Sim, acredito que nasceu de uma necessidade de expressão. O Fado é, de tal forma, sentido e intenso que tinha de ter uma linguagem própria. Vivemos tempos diferentes, vivemos coisas diferentes, histórias diferentes, formas de vestir diferentes, tudo mudou, mas o Fado não muda, é um facto. É realmente intemporal na sua essência, mas é como se, atualmente, se vestisse com novas peles, como se pudesse ter mutações. Mas o Fado tradicional, esse, nunca mexe. Seremos menos fadistas por isso? Porque sinto-me fadista de uma ponta à outra, como se tivesse tido outras vidas dentro do Fado. Não consigo explicar este sentimento, sinto-o. Acho que ser-se fadista não se escolhe. Nasce-se.

No nosso país a popularidade do Fado não foi linear, principalmente após o 25 de Abril. Houve a tal nova geração de fadistas que o trouxe de novo para a ribalta popular. Porque achas que houve esse novo ressurgimento e como olhas para a forma como os mais novos olham para o Fado? Achas que os jovens têm uma boa relação com o Fado? Gostam de o ouvir e de o afirmarem? Notas que há mais jovens a frequentarem casas de Fado, por exemplo?

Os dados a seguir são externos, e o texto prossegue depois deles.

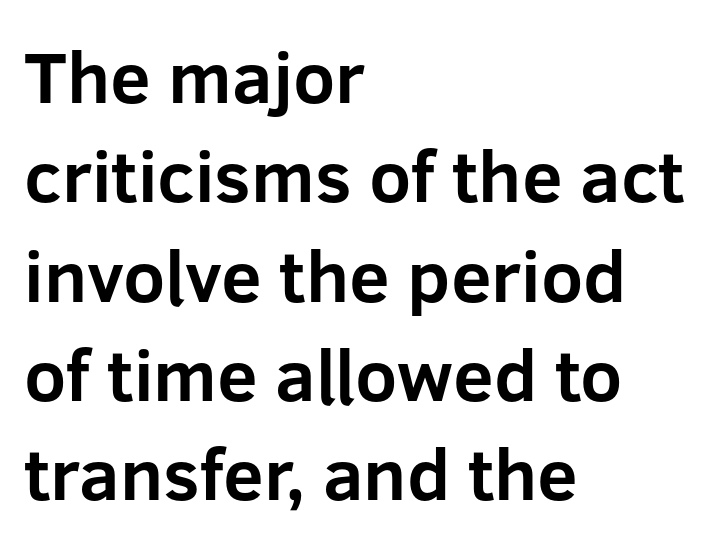
{"serif": "no", "italic": "no", "bold": "yes", "weight": "bold", "width": "normal", "stroke_contrast": "low", "x_height": "medium", "monospaced": "no", "underline": "no", "align": "left", "line_spacing": "normal", "line_spacing_ratio": 1.36, "letter_spacing": "normal", "letter_spacing_em": 0.0, "glyph_px": 73}
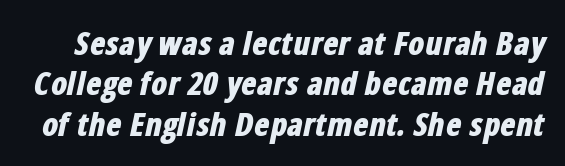
Does extra space separate the letters? No, they use regular spacing. You could not count columns in this text — the font is proportionally spaced. The space directly below the letters is spotless. The text carries the slant typical of an italic or oblique font. Honestly, the row spacing looks completely unremarkable.
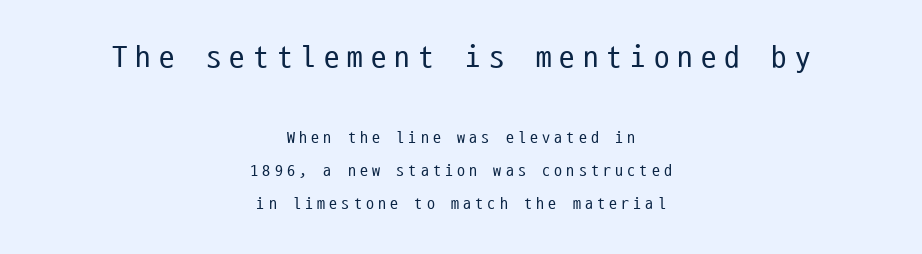
{"serif": "no", "italic": "no", "bold": "no", "weight": "regular", "width": "condensed", "stroke_contrast": "low", "x_height": "medium", "monospaced": "yes", "underline": "no", "align": "center", "line_spacing": "loose", "line_spacing_ratio": 2.05, "letter_spacing": "wide", "letter_spacing_em": 0.26, "larger_block": "first", "size_ratio": 1.94, "glyph_px": 31}
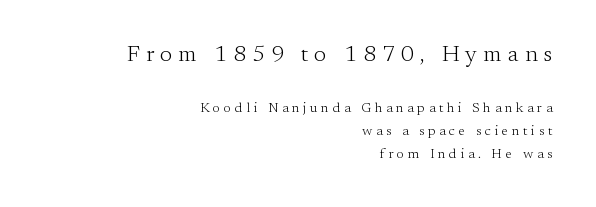
Q: Is the text bold? A: No.
Q: Is the text italic (slanted)? A: No, it is upright.
Q: Is the text underlined? A: No.
Q: How is the paragraph aligned? A: Right-aligned.
Q: Is the spacing between letters normal or unusually wide? A: Unusually wide.
Q: Is the spacing between lines tight, normal or loose? A: Normal.
Q: Which block of text is set in a larger size, the first (top) or the second (bottom)? A: The first (top) one.
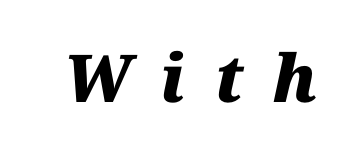
Students, this is bold: see how much ink each stroke carries. Glance below the letters and you will spot only blank space. The face used here is rendered with a markedly widened letterfit. The rendering uses natural spacing where letterforms have individual widths.
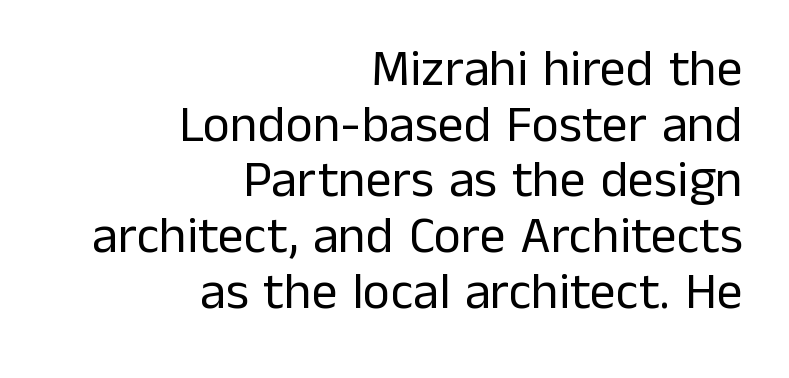
The image shows 52 px regular-weight sans-serif type, upright; set right-aligned, tight line spacing (1.07x), normal letter spacing, not underlined; low stroke contrast and a medium x-height.
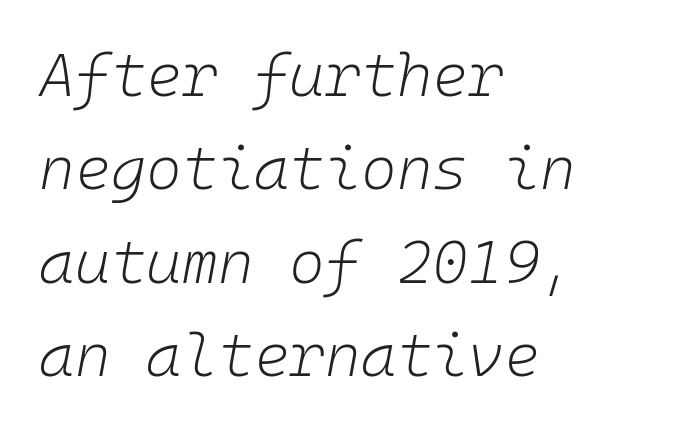
The image shows 61 px light type, italic (leaning right), monospaced; set left-aligned, normal line spacing (1.53x), normal letter spacing, not underlined; low stroke contrast and a medium x-height.
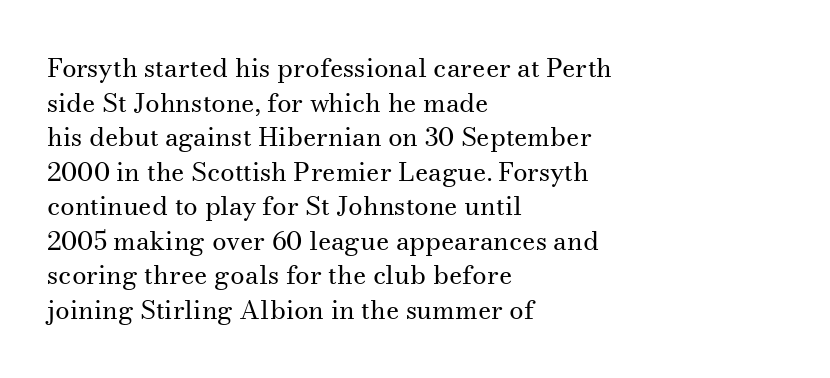
No chunkiness to these letters — they're not bold. A classic flush-left, rag-right setting is used for this passage. One glance says typical: line gaps are just what's usual. The letters sit at their default tracking, neither squeezed nor spread.
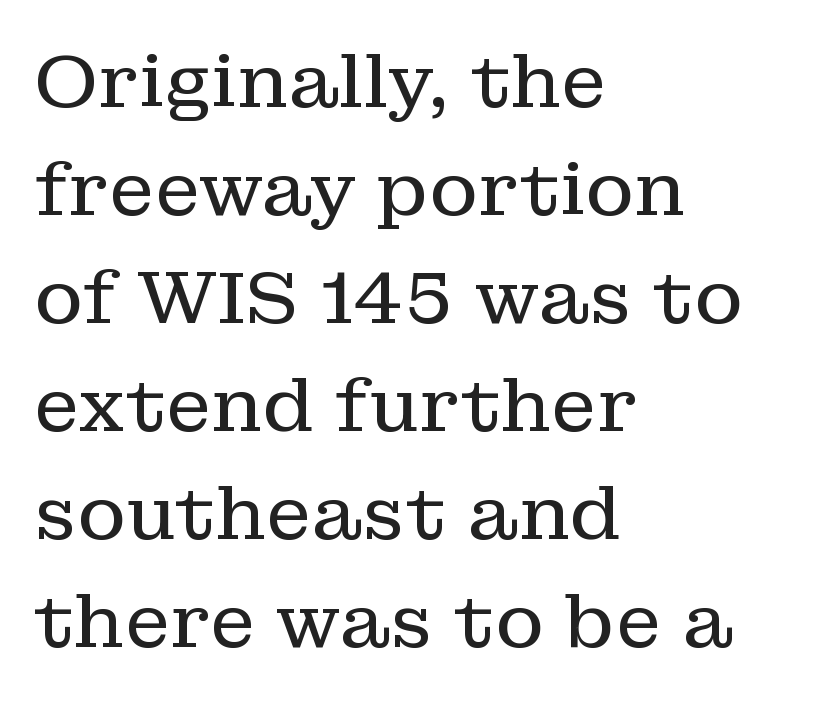
How are the letters spaced? Ordinarily, with no added tracking. Vertical strokes here are truly vertical. Think of a printed novel: that variable character pitch is what you see here. A student would call this left alignment; a typographer would say flush left, rag right. Underlining? Definitely not there.

Sem dúvida que sim. Se na minha altura éramos poucos, consigo imaginar antes da minha geração. O Fado tem vindo a ter um caminho excecional nesse sentido, e temos de agradecer muito aos nossos fadistas que romperam estradas para lá chegarmos. Acho que, atualmente, se perguntarmos a alguém mais jovem se conhece o Fado eles já não dizem que não, já estão mais informados. Isso deixa-me imensamente feliz. Acho que devia ser assunto nas escolas visto que é uma música tradicional portuguesa. Mas isso é um caminho ainda a percorrer, temos ainda um longo caminho a fazer em relação ao Fado e ao que ele representa no nosso país. Agora é continuar a fazer o trabalho que temos feito até aqui, com valores, verdade e com a portugalidade na voz.